Data shown =
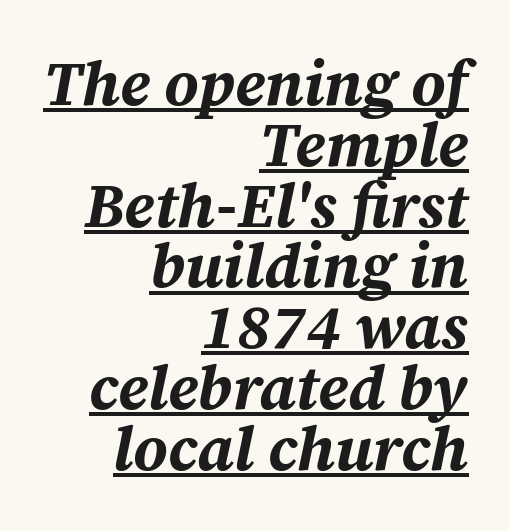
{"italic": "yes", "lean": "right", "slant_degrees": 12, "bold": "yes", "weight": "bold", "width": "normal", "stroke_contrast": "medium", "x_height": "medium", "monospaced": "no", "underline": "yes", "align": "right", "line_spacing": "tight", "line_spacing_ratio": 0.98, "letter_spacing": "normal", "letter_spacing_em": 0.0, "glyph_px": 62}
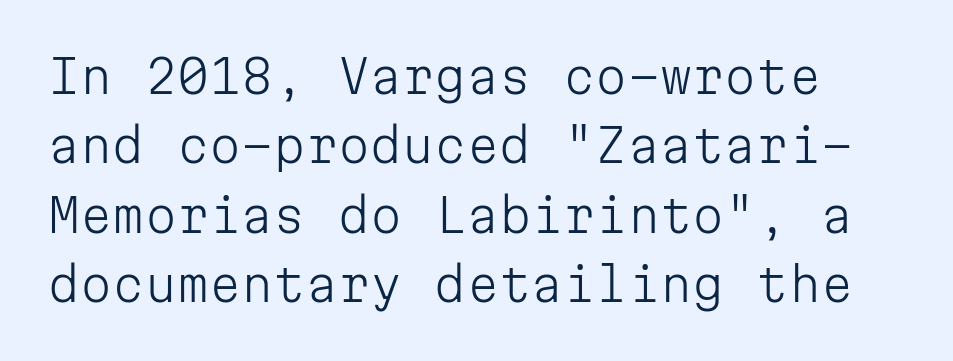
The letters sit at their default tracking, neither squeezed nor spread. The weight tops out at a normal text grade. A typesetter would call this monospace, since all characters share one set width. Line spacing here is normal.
--
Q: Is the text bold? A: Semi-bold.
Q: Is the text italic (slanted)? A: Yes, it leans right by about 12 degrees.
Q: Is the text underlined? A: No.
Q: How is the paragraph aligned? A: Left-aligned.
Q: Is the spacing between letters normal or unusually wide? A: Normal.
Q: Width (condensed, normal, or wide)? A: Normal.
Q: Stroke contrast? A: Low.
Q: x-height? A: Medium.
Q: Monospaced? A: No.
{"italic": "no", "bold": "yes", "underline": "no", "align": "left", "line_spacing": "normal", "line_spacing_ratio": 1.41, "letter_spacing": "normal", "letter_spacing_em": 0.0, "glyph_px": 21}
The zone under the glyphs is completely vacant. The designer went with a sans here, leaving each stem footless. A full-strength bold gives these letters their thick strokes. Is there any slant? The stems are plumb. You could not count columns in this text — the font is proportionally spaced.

Task goal = Look over the data above and show each line that contains "normal".

Exercise output =
{"italic": "yes", "lean": "right", "slant_degrees": 12, "bold": "yes", "weight": "bold", "width": "normal", "stroke_contrast": "medium", "x_height": "medium", "monospaced": "no", "underline": "yes", "align": "right", "line_spacing": "tight", "line_spacing_ratio": 0.98, "letter_spacing": "normal", "letter_spacing_em": 0.0, "glyph_px": 62}
The letters sit at their default tracking, neither squeezed nor spread. The weight tops out at a normal text grade. A typesetter would call this monospace, since all characters share one set width. Line spacing here is normal.
Q: Is the spacing between letters normal or unusually wide? A: Normal.
Q: Width (condensed, normal, or wide)? A: Normal.
{"italic": "no", "bold": "yes", "underline": "no", "align": "left", "line_spacing": "normal", "line_spacing_ratio": 1.41, "letter_spacing": "normal", "letter_spacing_em": 0.0, "glyph_px": 21}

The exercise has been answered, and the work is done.